American rock band Wheatus covered "A Little Respect" for their self-titled debut album. Released on 2 July 2001 by Columbia Records, it peaked at number three in the United Kingdom (besting the peak of Erasure's original) while reaching number five in Ireland and number 19 in Austria.

===Critical reception===
Ayhan Sahin of Billboard magazine reviewed the song favorably, saying that the version is "surprisingly polished, paying serious homage to Brit synth popsters Andy Bell and Vince Clark [sic]". He goes on to say that the structure of the song stays "intact, as does that super-sticky chorus, with acoustic and electric guitars playing back and forth in place of the '80s electronic beats".

===Music video===
The music video was directed by the Malloys and was released in July 2001. It features Shawn Hatosy and Brittany Murphy.

===Track listings===
- UK CD single
1. "A Little Respect" – 3:27
2. "Sunshine" (X-ecutioners mix) – 2:52
3. "Teenage Dirtbag" (live at The Chapel) – 4:44

- UK cassette single
4. "A Little Respect" (David Thorner Mix 1) – 3:24
5. "Sunshine" (X-ecutioners mix) – 2:52

- European CD single
6. "A Little Respect" (David Thorner Mix 1) – 3:25
7. "Teenage Dirtbag" (live at The Chapel) – 4:43

- Australian CD single
8. "A Little Respect" (David Thorner Mix 1) – 3:26
9. "Leroy" (live at The Chapel) – 3:40
10. "Wannabe Gangstar" (live at The Chapel) – 4:02
11. "Truffles" (live at The Chapel) – 3:51

===Charts===

====Weekly charts====

| Chart (2001) | Peak position |
|---|---|
| Austria (Ö3 Austria Top 40) | 19 |
| Belgium (Ultratop 50 Flanders) | 44 |
| Belgium (Ultratip Bubbling Under Wallonia) | 13 |
| Europe (Eurochart Hot 100) | 7 |
| Germany (GfK) | 32 |
| Ireland (IRMA) | 5 |
| Italy (FIMI) | 28 |
| New Zealand (Recorded Music NZ) | 41 |
| Scottish Singles Sales (Official Charts) | 1 |
| Switzerland (Schweizer Hitparade) | 84 |
| UK Singles (Official Charts) | 3 |

====Year-end charts====

| Chart (2001) | Position |
|---|---|
| Ireland (IRMA) | 46 |
| UK Singles (OCC) | 69 |

===Certifications===

| Region | Certification | Certified units/sales |
| United Kingdom (BPI) | Silver | 200,000^{‡} |
^{‡} Sales+streaming figures based on certification alone.

===Release history===

| Region | Date | Format(s) | Label(s) | Ref(s). |
| United Kingdom | 2 July 2001 | CD; cassette; | Columbia |  |
| Australia | CD |  |

==Other cover versions==
- In 1998, a cover of the song by the Portuguese band Silence 4 was included in their debut album Silence Becomes It.
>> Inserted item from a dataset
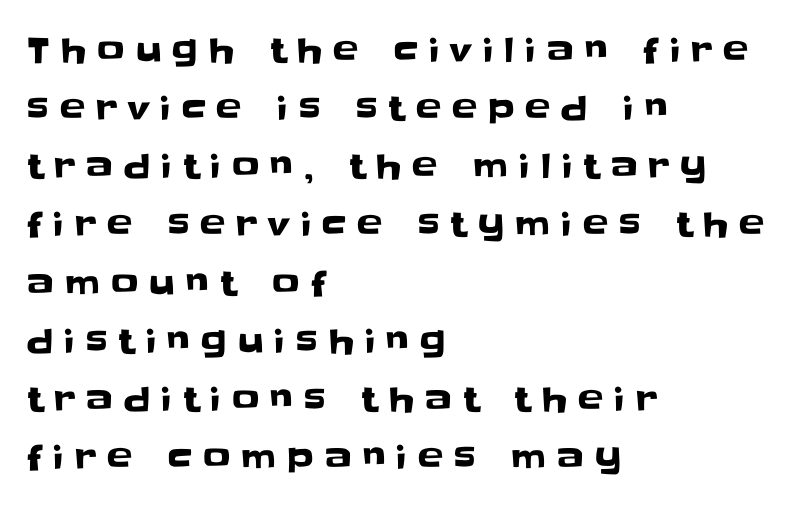
The image shows 34 px sans-serif type, upright; set left-aligned, line spacing 1.71x, unusually wide letter spacing (+0.32 em), not underlined; low stroke contrast and a large x-height.
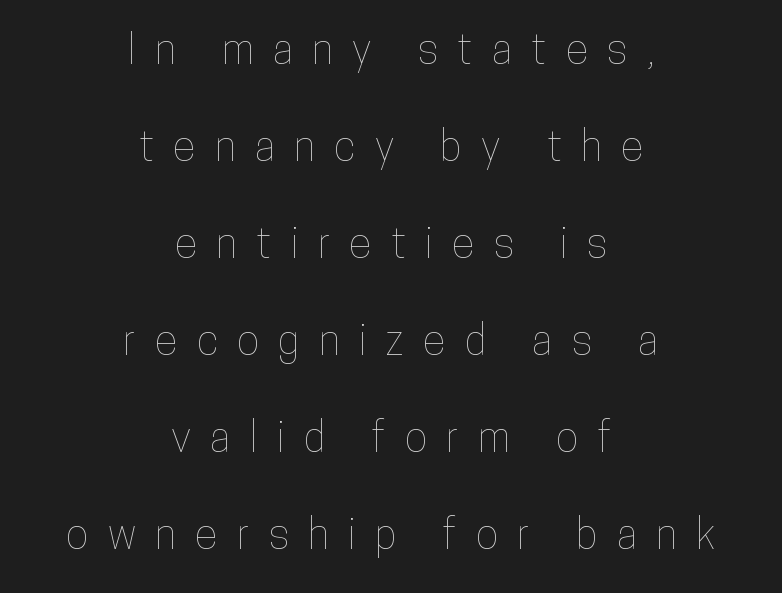
{"italic": "no", "width": "condensed", "stroke_contrast": "low", "x_height": "medium", "monospaced": "no", "underline": "no", "align": "center", "line_spacing": "loose", "line_spacing_ratio": 2.31, "letter_spacing": "wide", "letter_spacing_em": 0.46, "glyph_px": 42}

The album also included a shorter version of the song, titled "A (Very) Little Respect".
- In 2009, British singer-songwriter Kate Walsh released a cover version of the song on her album Peppermint Radio.
- In 2009 Jody Watley covered the song for her mixed covers/original album 'The Makeover', included only on the international release.
- In 2011, CoLD SToRAGE recorded a chiptune cover of the track.
- In 2013, Anna Meredith released a cover of the track on her second EP for Moshi Moshi, Jet Black Raider, under the title "ALR".
- In 2014, Juice Vocal Ensemble included an arrangement of the track on their second album, Laid Bare: Love Songs.
- In 2017, JD McPherson covered the track.
- In 2021, Agoney recorded a version of the song for the Spanish film El Cover.
- In 2022, Kevin Johansen recorded another version of the song for his album "Tú ve".
- In 2024, The Hanseroth Twins released a cover the song on their debut album Vera.